Table of Contents
- Why Are My LED Strips Turning Yellow?
- How to Fix Yellow LED Lights
- Final Thoughts: Why Do LED Strip Lights Turn Yellow?
LED strip lights are innovative and exciting ways to illuminate your home. An LED strip strewn around the base of your computer will make it look sleek and futuristic. They’re also great underneath cabinets, trim, and wherever you need light.
Yet, if you’ve owned LED strip lights for a while, you may have noticed a slight discoloration.
What was once a brilliantly white strip of lights is now faded and yellow. It can be a real bummer to witness, as the discoloration takes away from the appeal.
So why do LED strip lights turn yellow?
There are numerous reasons why LED light strips begin to turn yellow, but the result is always the same. The diodes burn out and change color whenever the strip lights get too hot. It could be due to a lack of ventilation, corrosion, overuse, etc.
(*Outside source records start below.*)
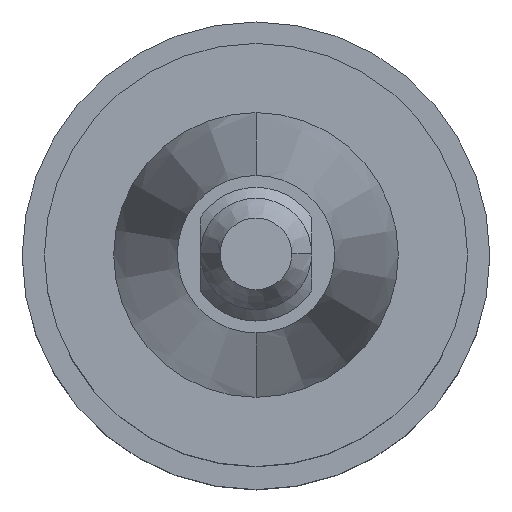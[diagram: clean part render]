
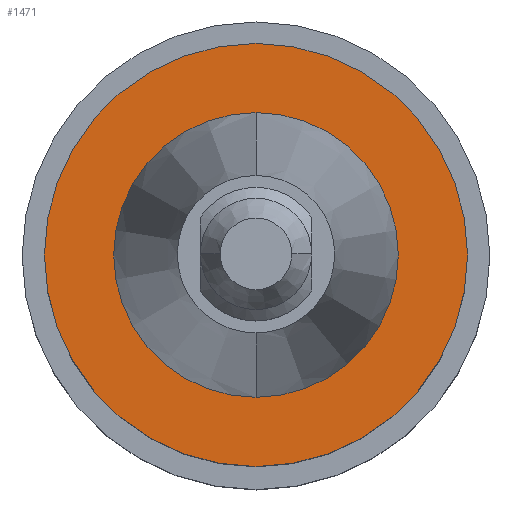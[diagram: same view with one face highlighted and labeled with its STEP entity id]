
A CAD part, top view. The second image highlights one B-rep face of the part: STEP entity #1471.
In plain terms, the highlighted planar face has unit normal (0, 0, 1).
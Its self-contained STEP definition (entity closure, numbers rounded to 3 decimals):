
#18 = CARTESIAN_POINT ( 'NONE',  ( 0., -19., -3. ) ) ;
#49 = DIRECTION ( 'NONE',  ( 0., -1., 0. ) ) ;
#58 = DIRECTION ( 'NONE',  ( 0., 0., -1. ) ) ;
#67 = EDGE_CURVE ( 'NONE', #1498, #1279, #505, .T. ) ;
#139 = CARTESIAN_POINT ( 'NONE',  ( 0., 0., -3. ) ) ;
#275 = VERTEX_POINT ( 'NONE', #1075 ) ;
#294 = AXIS2_PLACEMENT_3D ( 'NONE', #1594, #58, #565 ) ;
#378 = EDGE_CURVE ( 'NONE', #1279, #1498, #1589, .T. ) ;
#396 = VERTEX_POINT ( 'NONE', #18 ) ;
#436 = CARTESIAN_POINT ( 'NONE',  ( 0., -12.279, -3. ) ) ;
#474 = ORIENTED_EDGE ( 'NONE', *, *, #714, .F. ) ;
#505 = CIRCLE ( 'NONE', #584, 12.279 ) ;
#512 = EDGE_LOOP ( 'NONE', ( #474, #1049 ) ) ;
#565 = DIRECTION ( 'NONE',  ( 0., 1., 0. ) ) ;
#577 = EDGE_CURVE ( 'NONE', #396, #275, #624, .T. ) ;
#581 = ORIENTED_EDGE ( 'NONE', *, *, #67, .T. ) ;
#584 = AXIS2_PLACEMENT_3D ( 'NONE', #1205, #1084, #1132 ) ;
#624 = CIRCLE ( 'NONE', #294, 19. ) ;
#672 = CARTESIAN_POINT ( 'NONE',  ( 0., 12.279, -3. ) ) ;
#704 = CARTESIAN_POINT ( 'NONE',  ( 0., 0., -3. ) ) ;
#714 = EDGE_CURVE ( 'NONE', #275, #396, #813, .T. ) ;
#805 = DIRECTION ( 'NONE',  ( 0., 0., 1. ) ) ;
#813 = CIRCLE ( 'NONE', #1401, 19. ) ;
#833 = DIRECTION ( 'NONE',  ( 0., 1., 0. ) ) ;
#915 = DIRECTION ( 'NONE',  ( 0., 1., 0. ) ) ;
#933 = AXIS2_PLACEMENT_3D ( 'NONE', #672, #805, #49 ) ;
#934 = PLANE ( 'NONE',  #933 ) ;
#1049 = ORIENTED_EDGE ( 'NONE', *, *, #577, .F. ) ;
#1068 = AXIS2_PLACEMENT_3D ( 'NONE', #139, #1416, #915 ) ;
#1075 = CARTESIAN_POINT ( 'NONE',  ( 0., 19., -3. ) ) ;
#1084 = DIRECTION ( 'NONE',  ( 0., 0., -1. ) ) ;
#1132 = DIRECTION ( 'NONE',  ( 0., 1., 0. ) ) ;
#1205 = CARTESIAN_POINT ( 'NONE',  ( 0., 0., -3. ) ) ;
#1279 = VERTEX_POINT ( 'NONE', #1666 ) ;
#1377 = ORIENTED_EDGE ( 'NONE', *, *, #378, .T. ) ;
#1401 = AXIS2_PLACEMENT_3D ( 'NONE', #704, #1612, #833 ) ;
#1416 = DIRECTION ( 'NONE',  ( 0., 0., -1. ) ) ;
#1447 = FACE_OUTER_BOUND ( 'NONE', #512, .T. ) ;
#1471 = ADVANCED_FACE ( 'NONE', ( #1574, #1447 ), #934, .T. ) ;
#1498 = VERTEX_POINT ( 'NONE', #436 ) ;
#1574 = FACE_BOUND ( 'NONE', #1659, .T. ) ;
#1589 = CIRCLE ( 'NONE', #1068, 12.279 ) ;
#1594 = CARTESIAN_POINT ( 'NONE',  ( 0., 0., -3. ) ) ;
#1612 = DIRECTION ( 'NONE',  ( 0., 0., -1. ) ) ;
#1659 = EDGE_LOOP ( 'NONE', ( #1377, #581 ) ) ;
#1666 = CARTESIAN_POINT ( 'NONE',  ( 0., 12.279, -3. ) ) ;

If you want to learn more about why your LED strip lights turn yellow and how to prevent it, you’re in the right place. Read on to discover the science behind what’s causing your strip lights to lose their luster.
Why Are My LED Strips Turning Yellow?
Something is off if you’ve only had your LED strip lights for a few weeks, and they’re already discoloring. First, it could be the quality of the lights that you bought.
Cheaper LED strip lights use poor-quality materials. Their silicone layers are weak and begin to wear out immediately.
That means within a few weeks; you’ll already get that ugly yellow hue. However, if you bought quality lights and still have discoloration – something else is at play.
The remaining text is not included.